By running in the entry function main() :

Output (running on a common PC) :

We can see the difference between the two files in the output. An example may be accidental. Replace a 5M file with a 200M file.

You can see the gap widening

Note: MappedByteBuffer has resource release issues: files opened by MappedByteBuffer are closed only for garbage collection, and this point is undefined. In Javadoc it is described here: A mapped byte buffer and the file mapping that it represents the buffer itself is garbage-collected Refer to resources 5 and 6 for details.


Other functions

After reading the above statement, we have a certain understanding of NIO in detail, the following mainly through a few cases, to illustrate the rest of NIO functions, the following code amount is more, the functional description is less.

Scatter/Gatter

Reading from a Channel is when the data is read and written to multiple buffers. Therefore, a Channel “scatters” the data read from a Channel into multiple buffers.

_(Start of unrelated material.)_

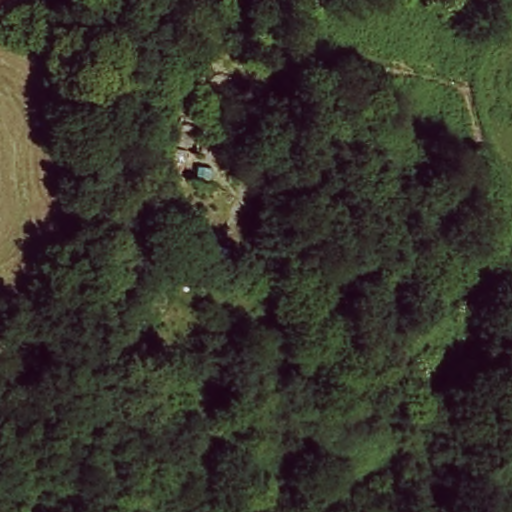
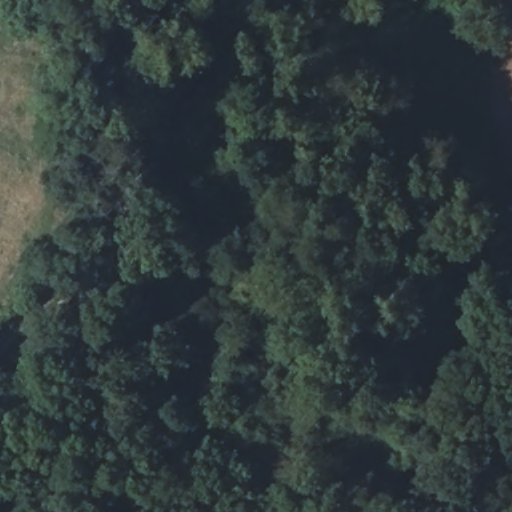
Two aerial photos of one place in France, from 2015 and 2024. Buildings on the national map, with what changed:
unchanged [(198,95),(203,49),(228,55),(221,89),(220,93),(219,99),(213,134),(190,126),(198,95)]
unchanged [(238,141),(225,197),(175,182),(190,126),(213,134),(238,141)]

To gather data into a Channel means to write data from multiple buffers to the same Channel during a write operation. Therefore, a Channel “gathers” data from multiple buffers and sends it to a Channel.

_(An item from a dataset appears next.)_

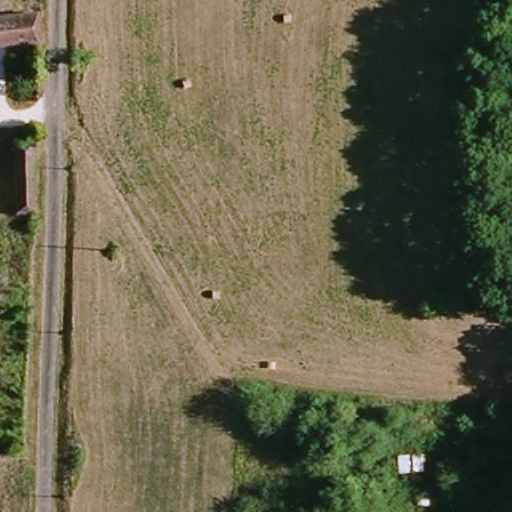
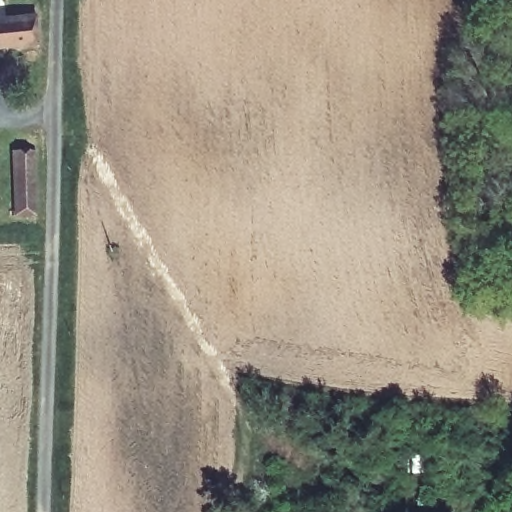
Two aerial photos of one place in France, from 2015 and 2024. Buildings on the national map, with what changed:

Scatter/Gather is often used when you need to separate the data to be transmitted. For example, when you transmit a message consisting of a header and a body, you might split the body and the header into different buffers so you can easily process the body and the header.

Case study:

(2) transferFrom & transferTo

FileChannel’s transferFrom() method transfers data from the source channel to the FileChannel

The input argument to the position method indicates that data is written to the target file from position, and count indicates the maximum number of bytes transferred. If the free space of the source channel is less than count bytes, the number of bytes transferred is less than the number of bytes requested. Also note that in the implementation of SoketChannel, SocketChannel will only transmit data that is ready at the moment (possibly less than count bytes). Therefore, SocketChannel may not transfer all of the requested data (count bytes) into the FileChannel.

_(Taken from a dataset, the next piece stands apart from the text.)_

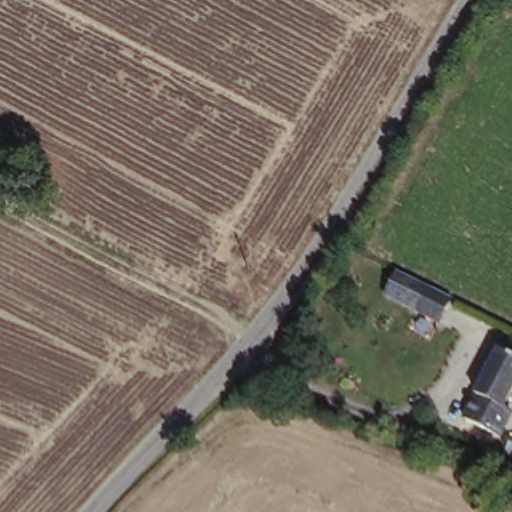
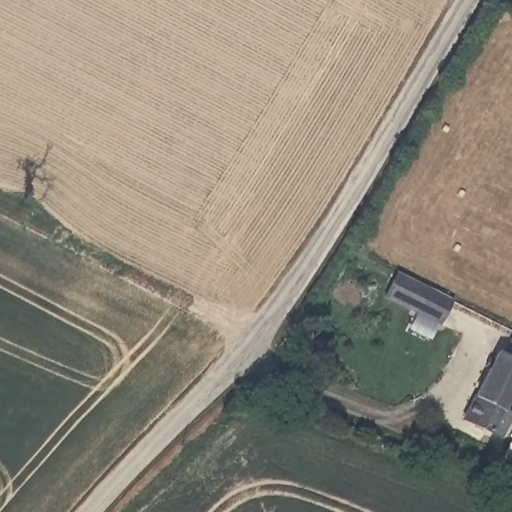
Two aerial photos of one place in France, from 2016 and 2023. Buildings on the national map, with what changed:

The transferTo() method transfers data from the FileChannel to another channel

The problem with SocketChannel mentioned above also applies to the transferTo() method. SocketChannel transmits data until the target buffer is full.

(3) Pipe

A Java NIO pipe is a one-way data connection between two threads. Pipe has a source channel and a sink channel. Data will be written to the sink channel and read from the source channel.

(4) DatagramChannel

DatagramChannel in Java NIO is a channel for sending and receiving UDP packets. Because UDP is a connectionless network protocol, it cannot be read or written like other channels. It sends and receives packets of data.